Finnish NLP Toolkit API

Live Demo

API: https://finnish-nlp-toolkit-api.onrender.com/health

A production-ready FastAPI service for Finnish natural language processing

Features • Quick Start • API Docs • Documentation

Overview

Scope note: This is a lightweight REST wrapper for basic Finnish morphological analysis — lemmatization, complexity scoring, and profanity detection across three domains. For the full platform with 30+ endpoints, all 15 grammatical cases, and Voikko-backed production morphology, see Finnish-nlp-2.0.

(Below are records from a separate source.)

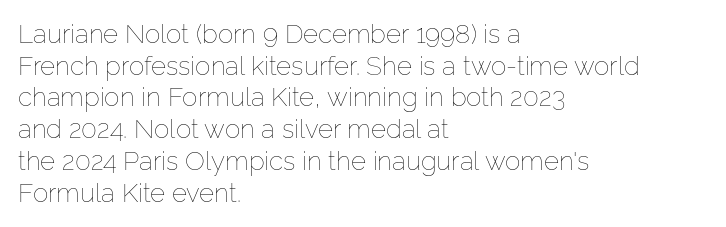
{"italic": "no", "bold": "no", "underline": "no", "align": "left", "line_spacing_ratio": 1.22, "letter_spacing": "normal", "letter_spacing_em": 0.0, "glyph_px": 26}
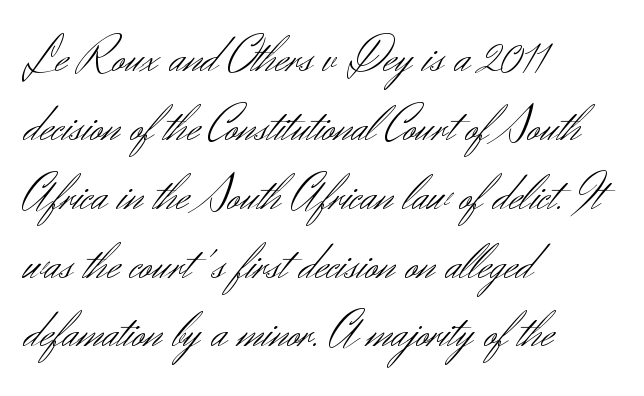
Letters have the restrained weight of plain body copy at most. Visually the block forms a straight wall on the left and a jagged coastline on the right. Letter spacing: default.
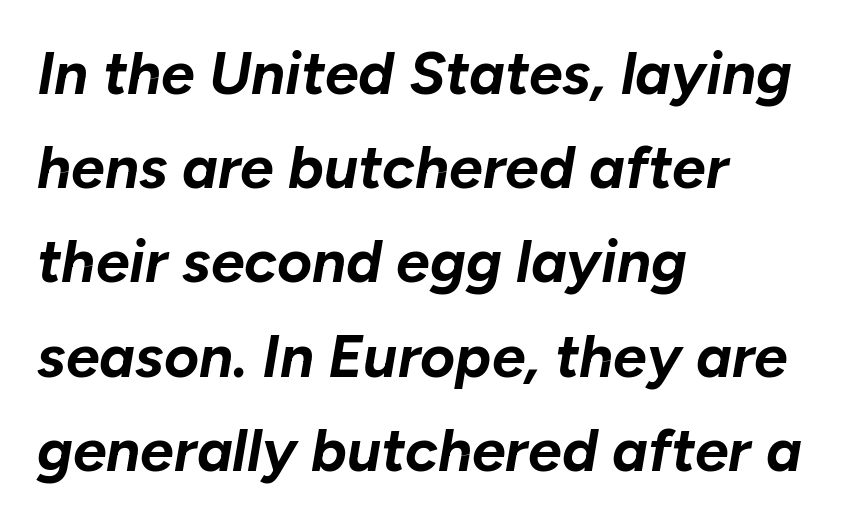
{"italic": "yes", "lean": "right", "slant_degrees": 10, "bold": "yes", "weight": "bold", "width": "normal", "stroke_contrast": "low", "x_height": "medium", "monospaced": "no", "underline": "no", "align": "left", "line_spacing": "normal", "line_spacing_ratio": 1.57, "letter_spacing": "normal", "letter_spacing_em": 0.0, "glyph_px": 60}
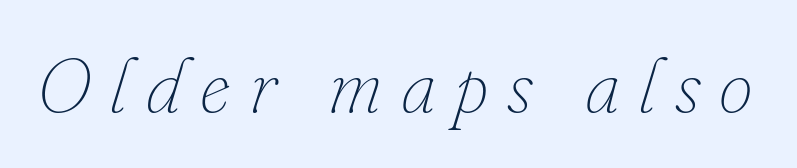
Q: Is the text bold? A: No.
Q: Is the text italic (slanted)? A: Yes, it leans right by about 16 degrees.
Q: Is the text underlined? A: No.
Q: Is the spacing between letters normal or unusually wide? A: Unusually wide.
Q: Width (condensed, normal, or wide)? A: Normal.
Q: Stroke contrast? A: Low.
Q: x-height? A: Small.
Q: Monospaced? A: No.

Finnish NLP Toolkit is a comprehensive backend service providing state-of-the-art Finnish language processing capabilities through a modern REST API and interactive web interface. Built with FastAPI and powered by advanced NLP libraries, it offers lemmatization, complexity analysis, and profanity detection for Finnish text.

Key Highlights

⚡ High Performance: Sub-100ms response times for most operations
🔄 Batch Processing: Process up to 100 texts in a single request
🎯 Dual-Mode Architecture: Basic (rule-based) and Advanced (ML-powered) engines
📊 Comprehensive Testing: 66 tests with 100% pass rate
🐳 Docker Ready: Full containerization with docker-compose
📚 Auto-Generated Docs: Interactive OpenAPI/Swagger documentation
🎨 Interactive UI: Streamlit-based frontend for testing

Screenshots

API Interface

Interactive Documentation

Web UI - Lemmatization

Advanced Features

Finnish Language Processing Demo

Features

Core NLP Services

Lemmatization

Convert Finnish words to their dictionary forms with detailed morphological analysis.

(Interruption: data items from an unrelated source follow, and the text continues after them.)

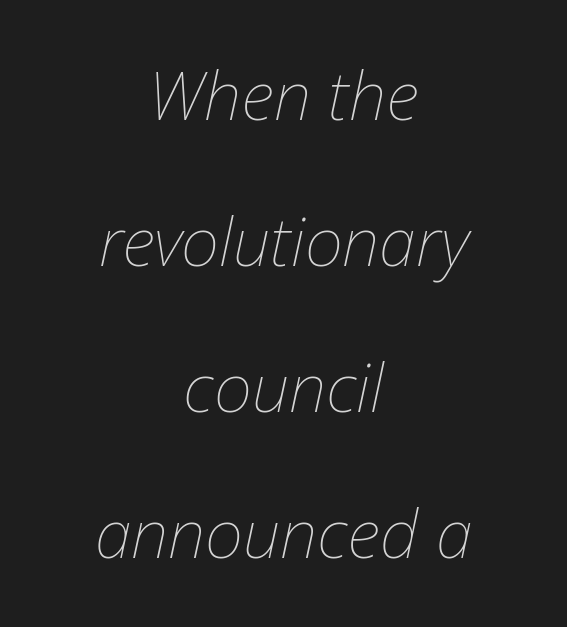
{"italic": "yes", "lean": "right", "slant_degrees": 12, "bold": "no", "weight": "thin", "width": "normal", "stroke_contrast": "low", "x_height": "medium", "monospaced": "no", "underline": "no", "align": "center", "line_spacing": "loose", "line_spacing_ratio": 2.18, "letter_spacing": "normal", "letter_spacing_em": 0.0, "glyph_px": 67}
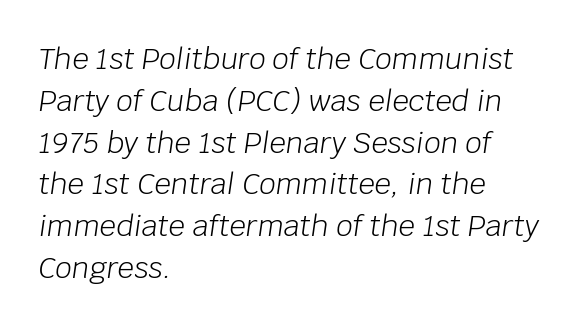
{"italic": "yes", "lean": "right", "slant_degrees": 8, "bold": "no", "weight": "light", "width": "normal", "stroke_contrast": "low", "x_height": "large", "monospaced": "no", "underline": "no", "align": "left", "line_spacing": "normal", "line_spacing_ratio": 1.44, "letter_spacing": "normal", "letter_spacing_em": 0.0, "glyph_px": 29}
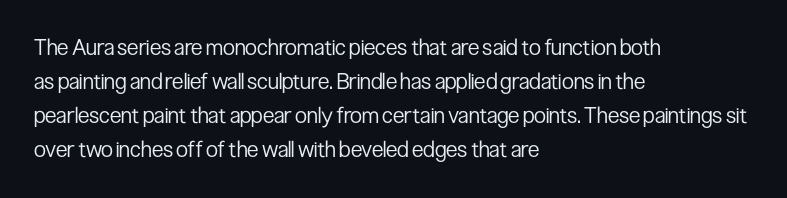
Caption: multi-line text, flush left, ragged right. Rendered with straight, roman letterforms. Beneath every word, the page is bare. Weight: not bold — regular or lighter. Nobody touched the tracking dial on this one. Vertically, the passage feels balanced, rows spaced as you'd expect.

Basic Engine: Rule-based Finnish morphology (works out-of-the-box)
Advanced Engine: Voikko integration for production-grade accuracy
Output: Base form, part-of-speech, case, number, person, tense, mood

Complexity Analysis

Analyze linguistic complexity of Finnish sentences and texts.

Basic Engine: Heuristic-based clause detection and metrics
Advanced Engine: UDPipe dependency parsing + spaCy pipeline
Metrics: Clause count, morphological depth, average word length, case distribution

Profanity Detection

Detect and filter toxic content in Finnish text.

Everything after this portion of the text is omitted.